§ **EXERCISE DETAILS**
Reprint all records below exactly. No images.

§ **RECORDS SUPPLIED**
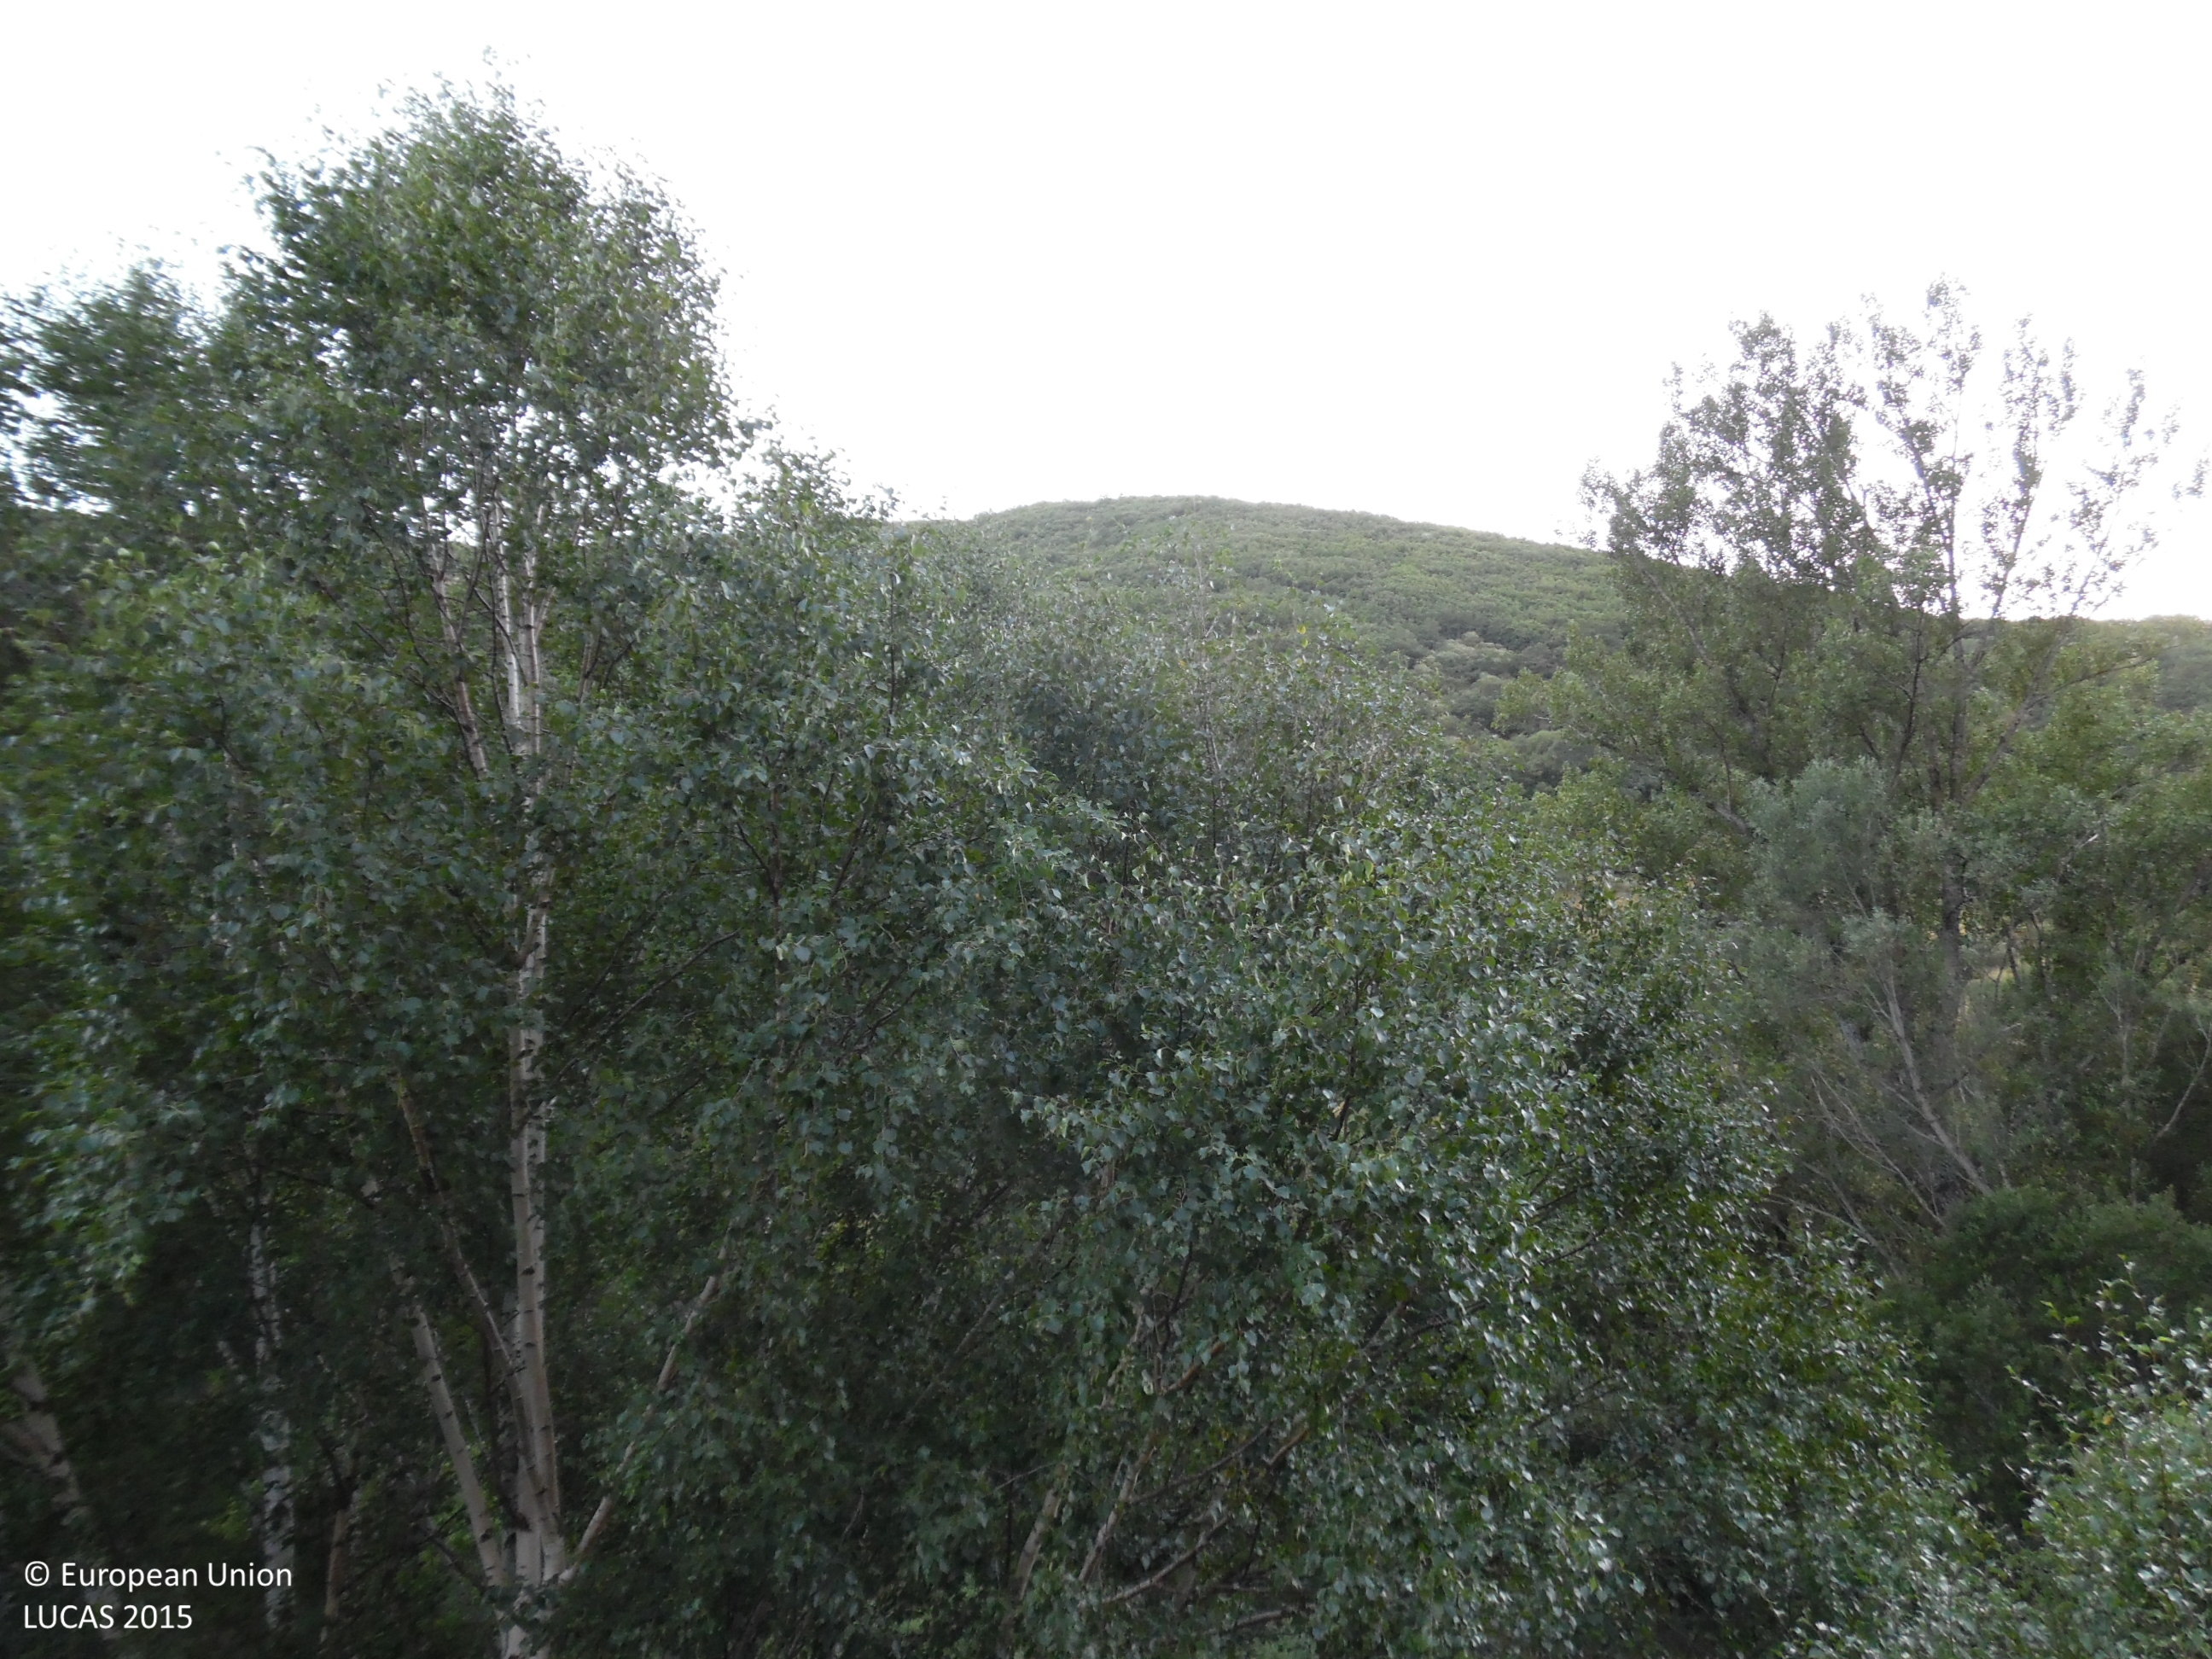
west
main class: Shrubland
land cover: Shrubland with sparse tree cover
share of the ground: > 75 %
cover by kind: shrubs 95 %, broadleaved forest trees 5 %
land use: Agriculture (excluding fallow land and kitchen gardens)
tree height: > 5 m
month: July
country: ES
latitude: 42.8362
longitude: -6.1520

§ **OUTPUT FOR THIS EXERCISE**
west
main class: Shrubland
land cover: Shrubland with sparse tree cover
share of the ground: > 75 %
cover by kind: shrubs 95 %, broadleaved forest trees 5 %
land use: Agriculture (excluding fallow land and kitchen gardens)
tree height: > 5 m
month: July
country: ES
latitude: 42.8362
longitude: -6.1520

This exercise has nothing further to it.